There's plenty of research needed on the effectiveness of abuse-resistant medications, and it remains to be seen whether or not the CDC's recent guidelines will hold much sway over the medical community. What's not debatable is that accurate drug education and opioid-specific dependency and addiction therapy are key. Substance abuse treatment is not one-size-fits-all, and many treatment centers don't meet the distinct needs that painkiller addicts face.
This past March, West Virginia Senator Joe Manchin proposed five amendments to the Comprehensive Addiction and Recovery Act of 2015, which would fund education grants to "raise awareness about the risks of opioid addiction and overdose," as well as substance abuse treatment initiatives.
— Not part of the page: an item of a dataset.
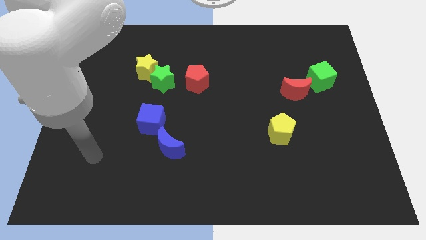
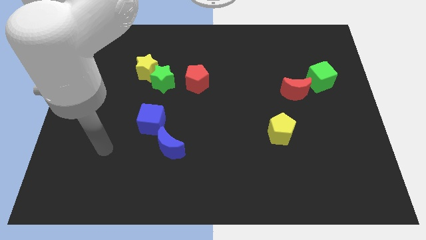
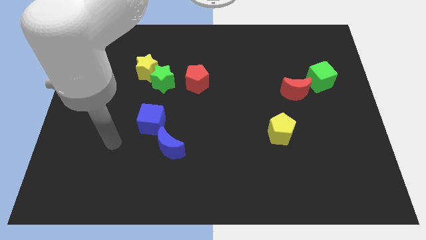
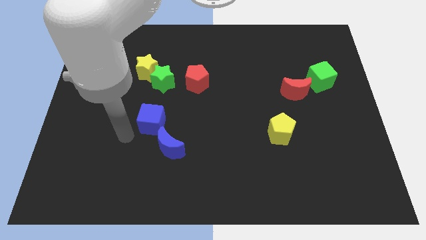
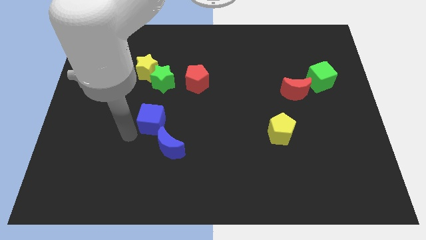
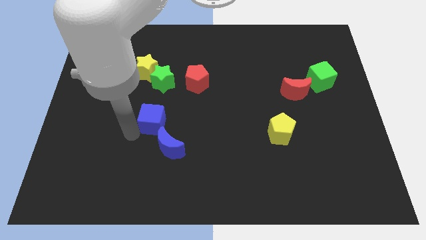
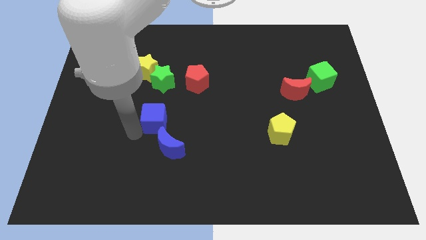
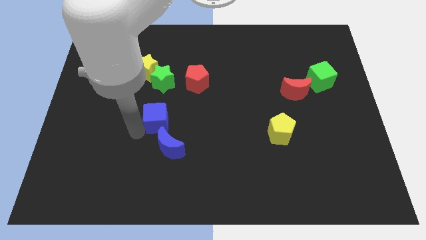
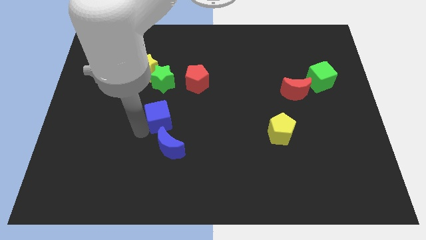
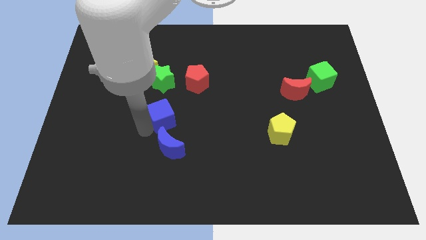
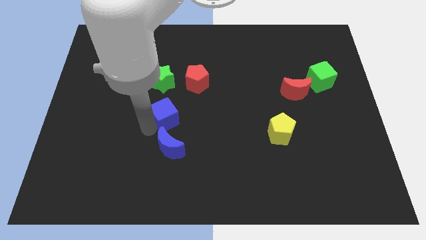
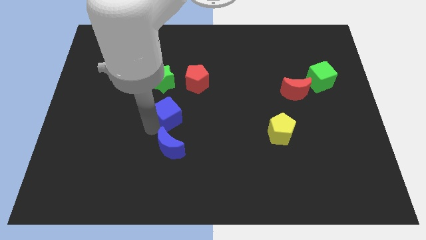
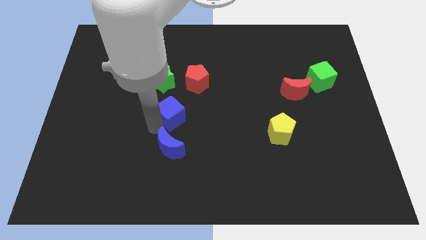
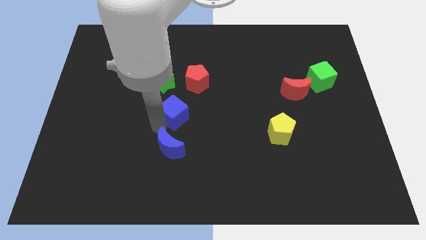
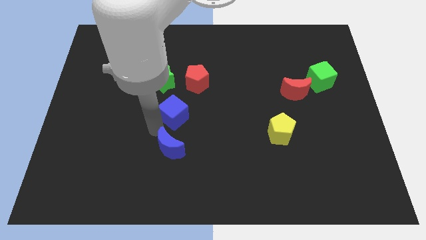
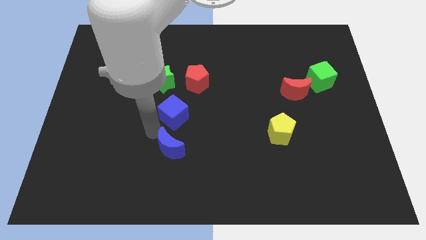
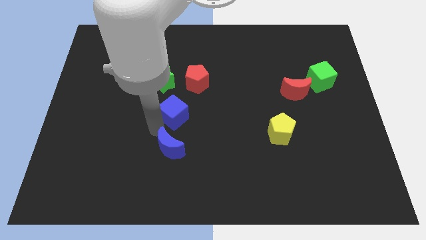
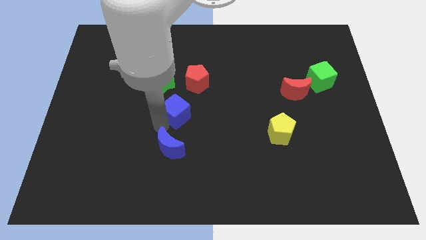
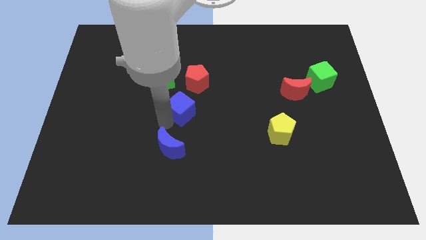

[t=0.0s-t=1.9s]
push the blue cube up and then right somewhat

Clinton's platform includes an opioid tax, similar in nature to alcohol and cigarette taxes, but one that would fund US substance abuse treatment programs (and includes exemption and rebates when used for specific medical care, namely cancer treatment).
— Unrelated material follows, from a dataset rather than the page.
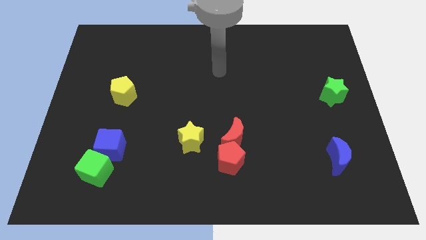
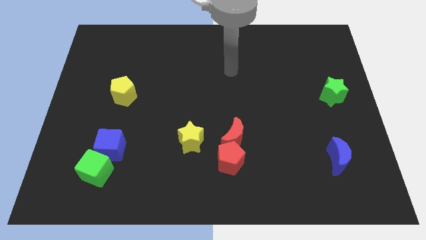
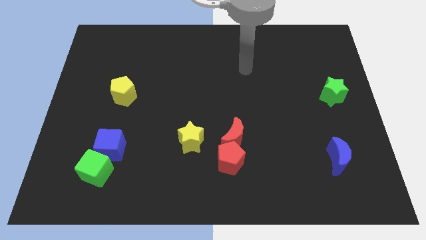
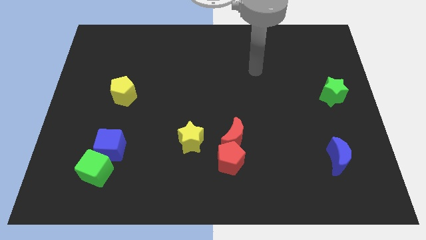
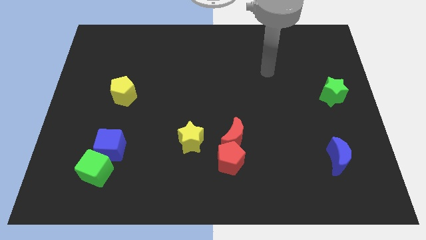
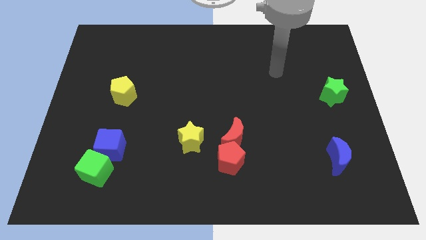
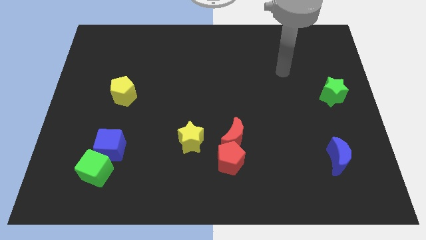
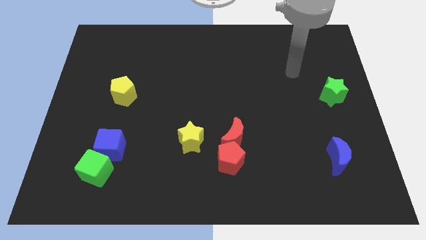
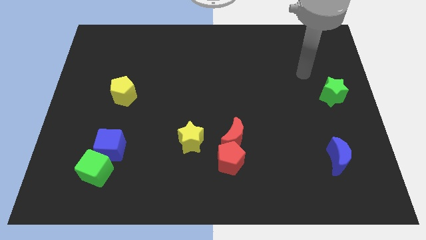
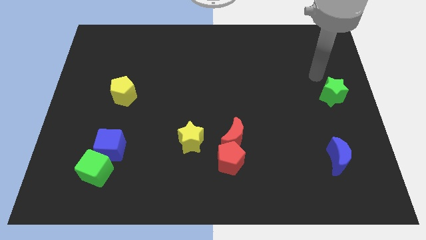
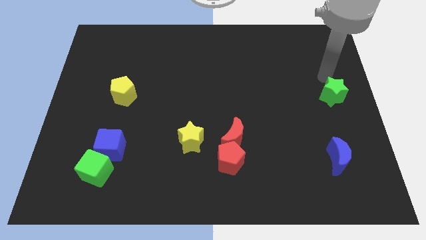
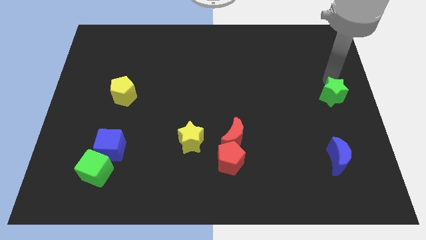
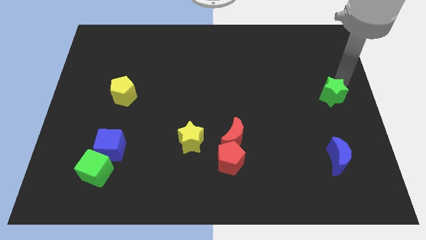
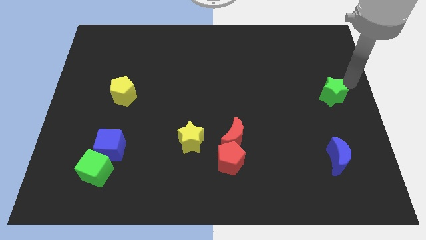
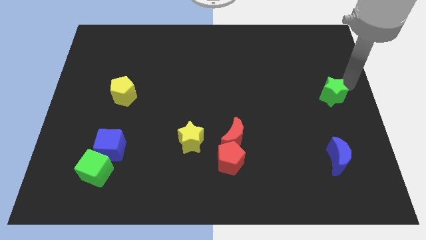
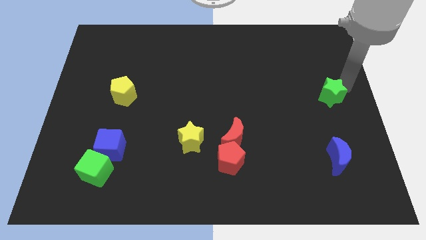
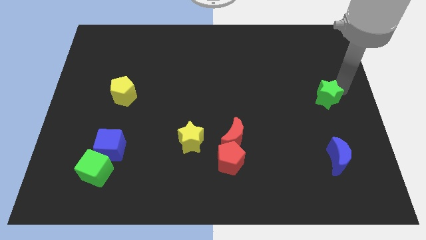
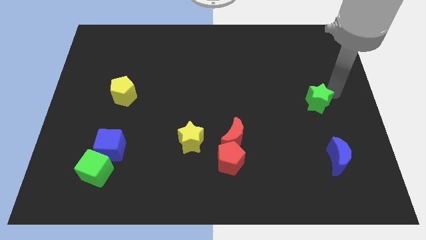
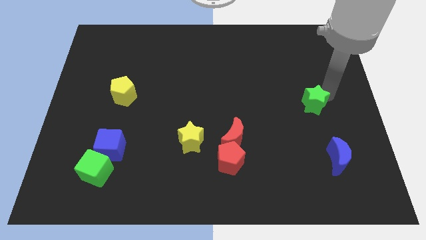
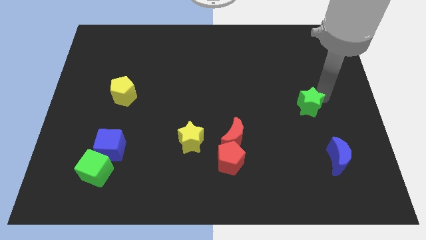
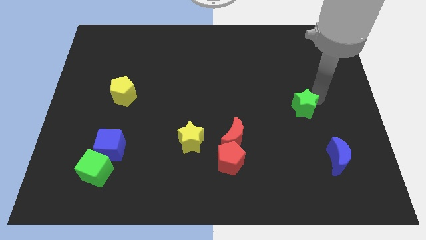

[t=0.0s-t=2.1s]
move the green star down and to the left a bit

A doctors-only database in California attempts due diligence by granting licensed physicians the ability to see what other doctors might be prescribing their overlapping patients, aptly acronymed CURES 2.0. Reads its site, "CURES 2.0 (Controlled Substance Utilization Review and Evaluation System) is a database of Schedule II, III, and IV controlled substance prescriptions dispensed in California serving the public health, regulatory oversight agencies, and law enforcement." Programs like CURES 2.0 place the onus back on doctors, and remove at least some capacity for self-medication.
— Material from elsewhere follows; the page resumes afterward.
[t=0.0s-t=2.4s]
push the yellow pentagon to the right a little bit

It's taken several years of horrible headlines for the opioid epidemic to come under proper scrutiny by the US government and medical community, but bill proposals like Manchin's, as well as the bigger conversation surrounding risks and treatment needs, may soon be able to move the needle on public opinion that prescription does not necessarily imply safety. One thing's for sure: OxyContin, and opioids more generally, probably won't be going anywhere anytime soon.